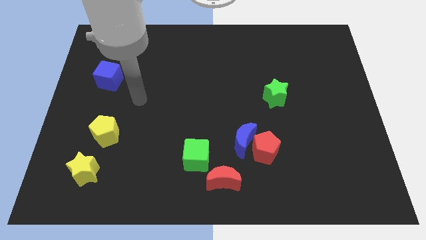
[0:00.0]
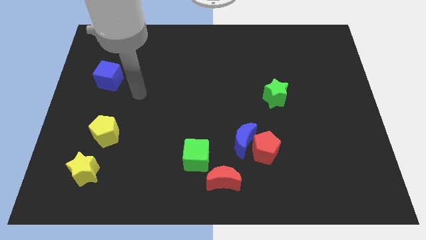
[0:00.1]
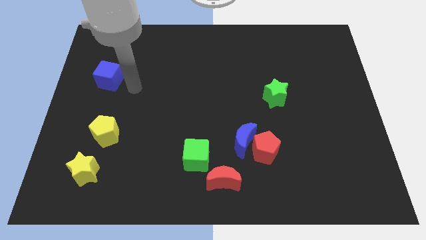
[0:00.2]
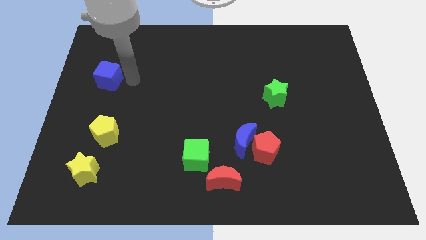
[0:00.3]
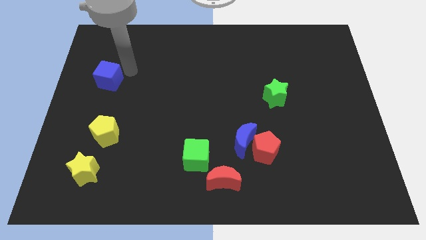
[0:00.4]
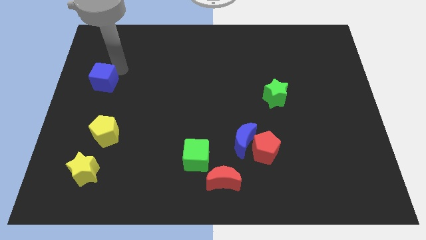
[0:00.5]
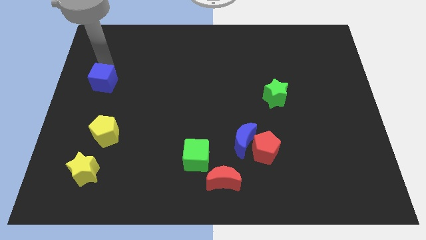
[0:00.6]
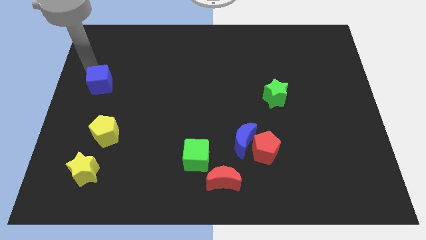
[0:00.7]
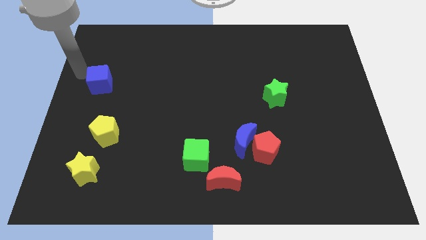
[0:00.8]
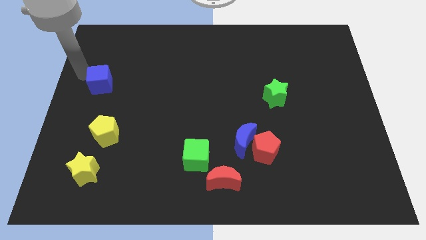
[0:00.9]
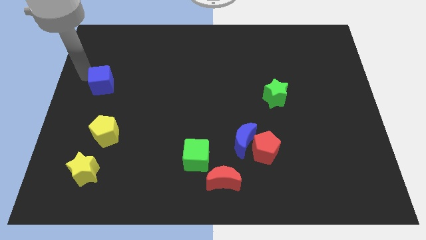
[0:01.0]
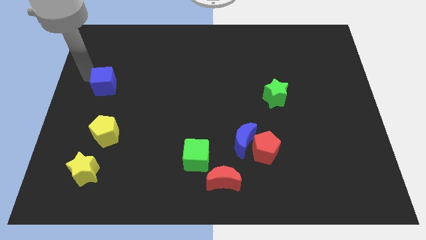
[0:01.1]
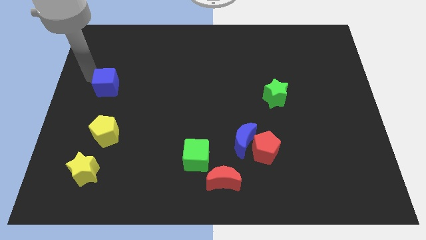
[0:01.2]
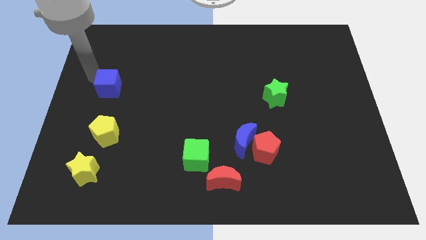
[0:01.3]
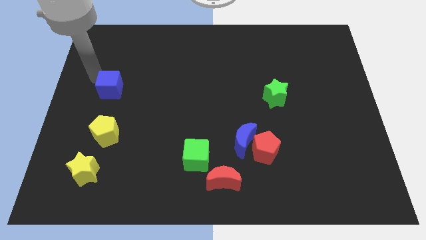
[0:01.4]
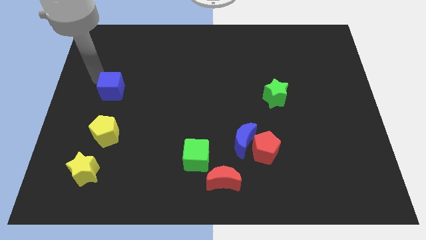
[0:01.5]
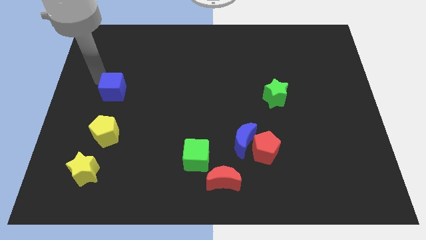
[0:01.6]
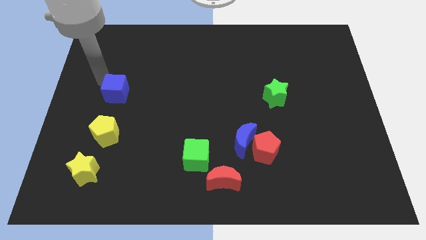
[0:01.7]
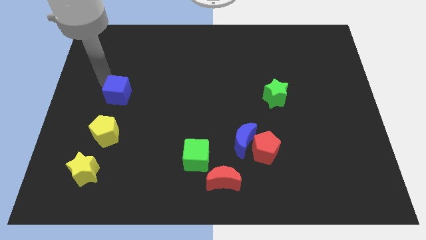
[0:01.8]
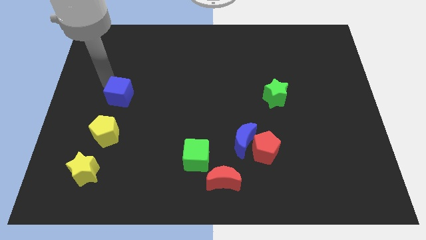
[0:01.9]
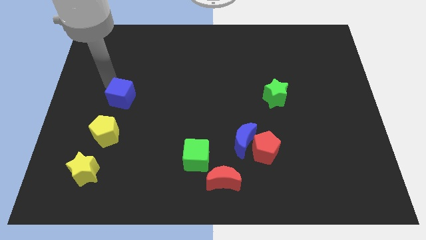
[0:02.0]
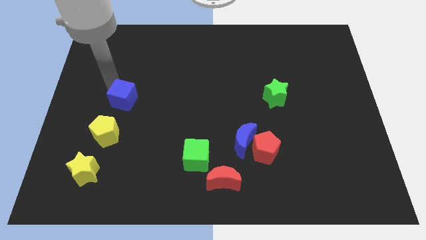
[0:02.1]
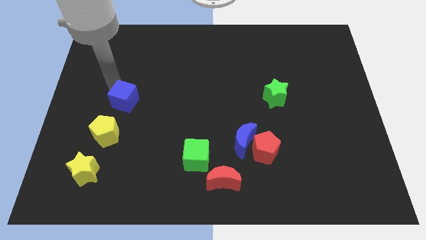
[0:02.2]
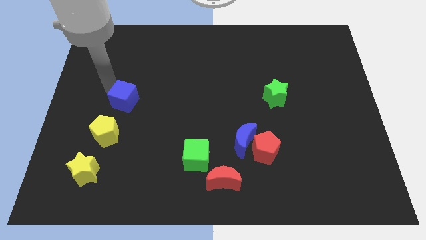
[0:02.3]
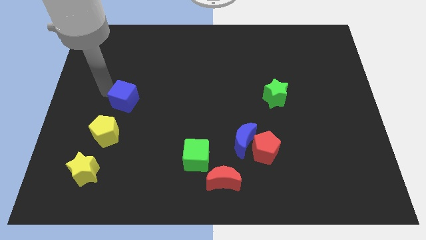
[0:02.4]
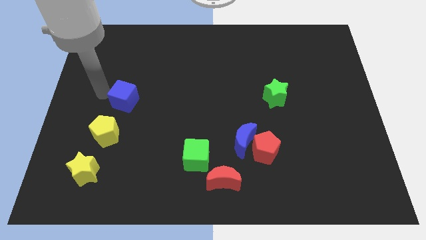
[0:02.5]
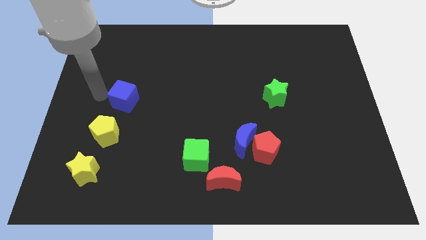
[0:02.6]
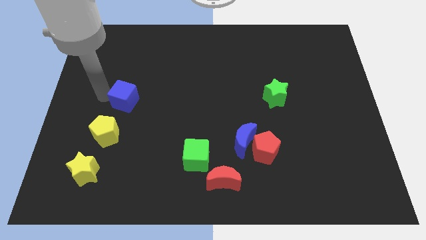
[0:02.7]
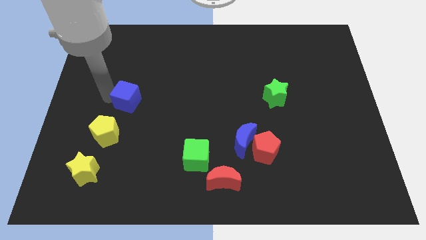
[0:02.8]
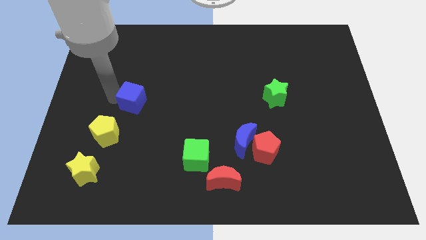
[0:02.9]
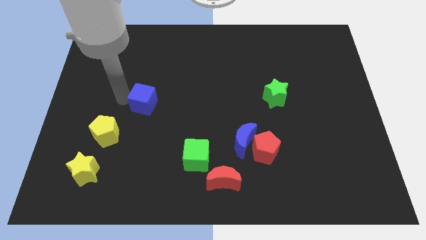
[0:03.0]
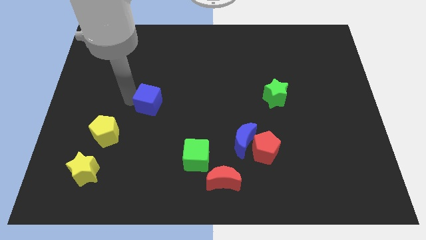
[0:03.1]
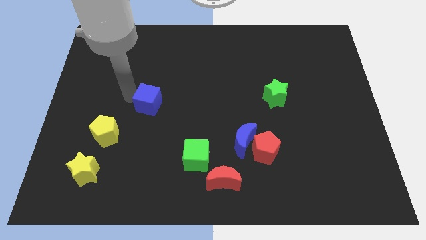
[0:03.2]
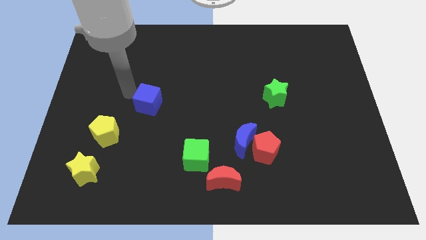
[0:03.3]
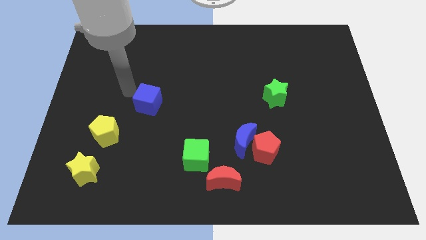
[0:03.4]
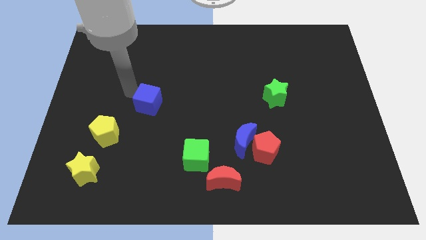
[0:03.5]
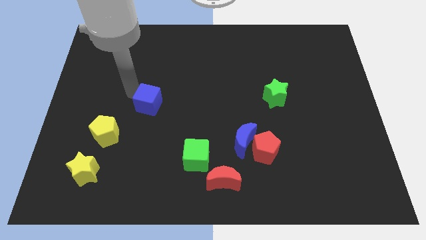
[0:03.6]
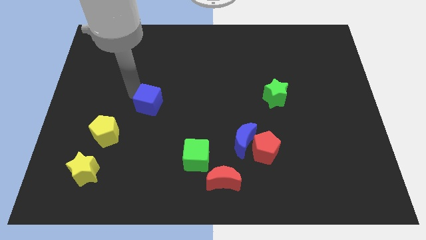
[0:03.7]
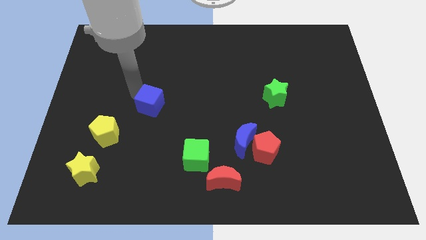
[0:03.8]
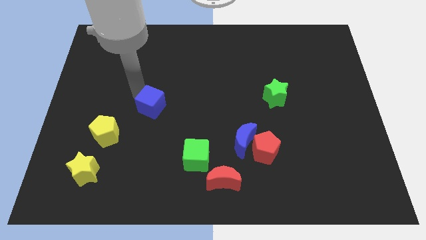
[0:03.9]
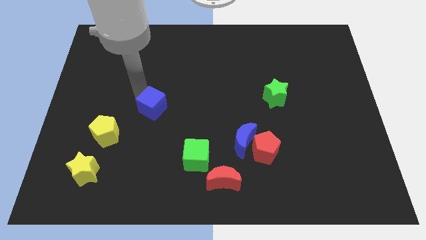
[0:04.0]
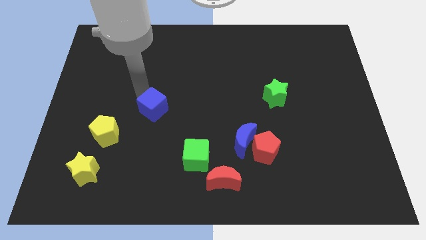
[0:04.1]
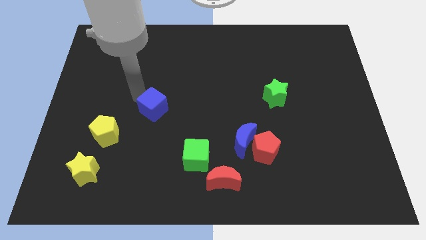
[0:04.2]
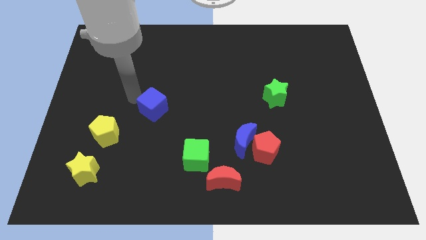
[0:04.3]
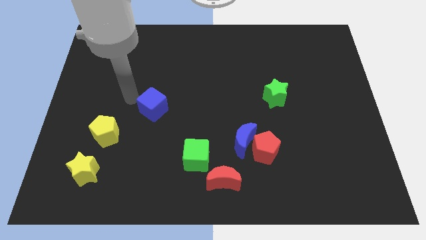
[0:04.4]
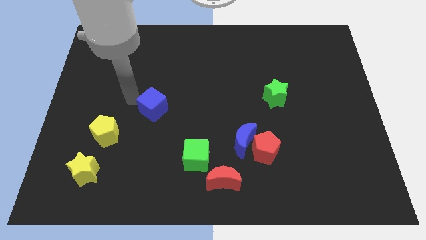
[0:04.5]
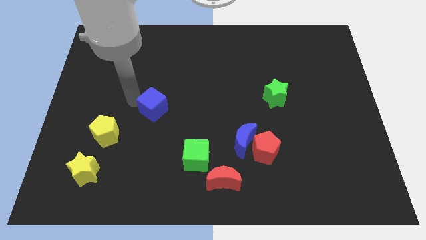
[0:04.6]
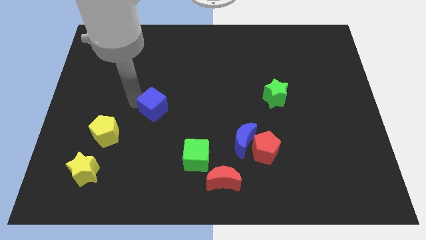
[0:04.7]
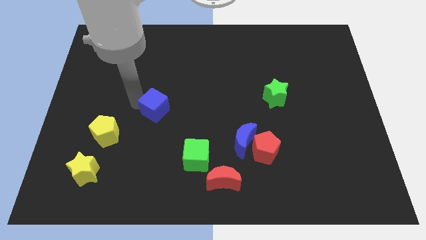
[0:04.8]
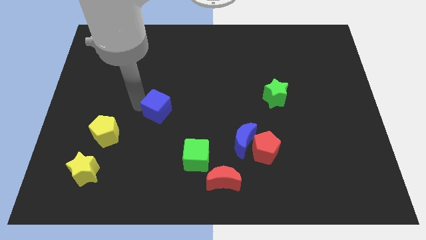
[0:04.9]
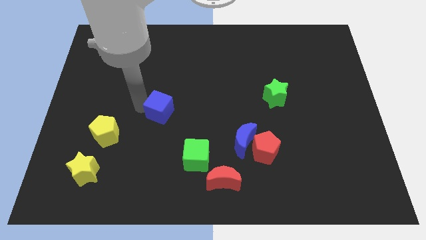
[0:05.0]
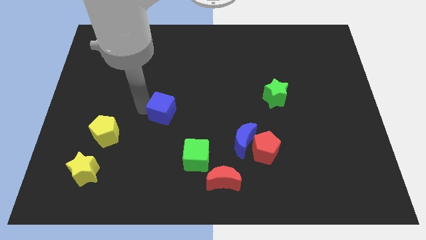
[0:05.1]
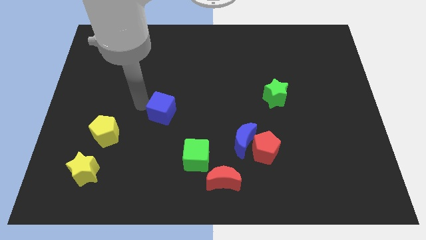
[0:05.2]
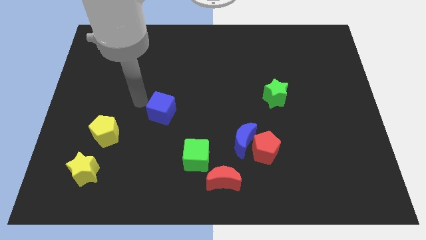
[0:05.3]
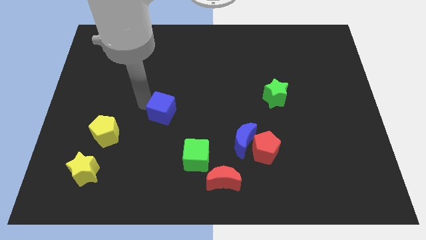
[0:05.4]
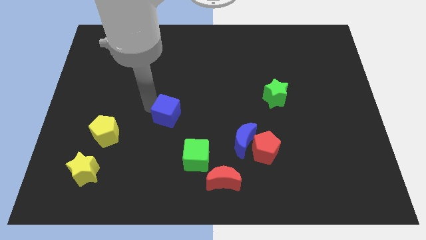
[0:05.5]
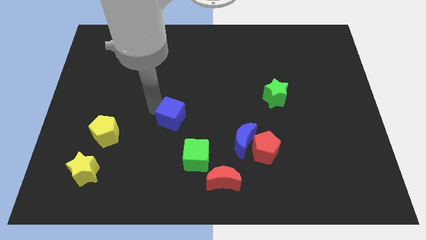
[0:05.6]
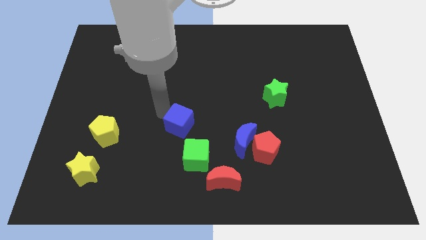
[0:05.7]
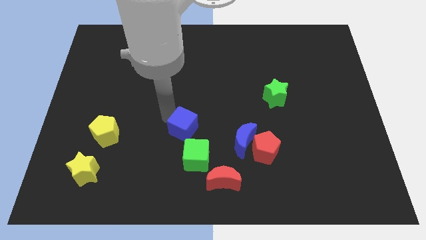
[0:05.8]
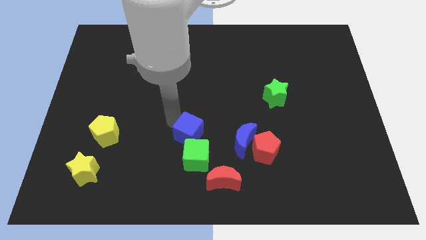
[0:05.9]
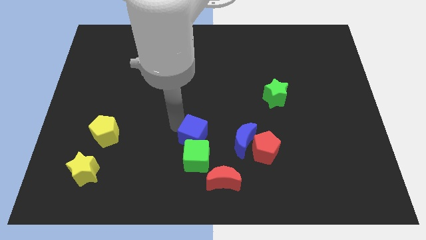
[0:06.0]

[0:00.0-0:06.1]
move the blue cube diagonally up and to the right of the green cube
::::::
• **Exercise goal**: Please set down each line of the data above exactly as written, without the pictures.

• **Written response**:
[0:00.0]
[0:00.1]
[0:00.2]
[0:00.3]
[0:00.4]
[0:00.5]
[0:00.6]
[0:00.7]
[0:00.8]
[0:00.9]
[0:01.0]
[0:01.1]
[0:01.2]
[0:01.3]
[0:01.4]
[0:01.5]
[0:01.6]
[0:01.7]
[0:01.8]
[0:01.9]
[0:02.0]
[0:02.1]
[0:02.2]
[0:02.3]
[0:02.4]
[0:02.5]
[0:02.6]
[0:02.7]
[0:02.8]
[0:02.9]
[0:03.0]
[0:03.1]
[0:03.2]
[0:03.3]
[0:03.4]
[0:03.5]
[0:03.6]
[0:03.7]
[0:03.8]
[0:03.9]
[0:04.0]
[0:04.1]
[0:04.2]
[0:04.3]
[0:04.4]
[0:04.5]
[0:04.6]
[0:04.7]
[0:04.8]
[0:04.9]
[0:05.0]
[0:05.1]
[0:05.2]
[0:05.3]
[0:05.4]
[0:05.5]
[0:05.6]
[0:05.7]
[0:05.8]
[0:05.9]
[0:06.0]

[0:00.0-0:06.1]
move the blue cube diagonally up and to the right of the green cube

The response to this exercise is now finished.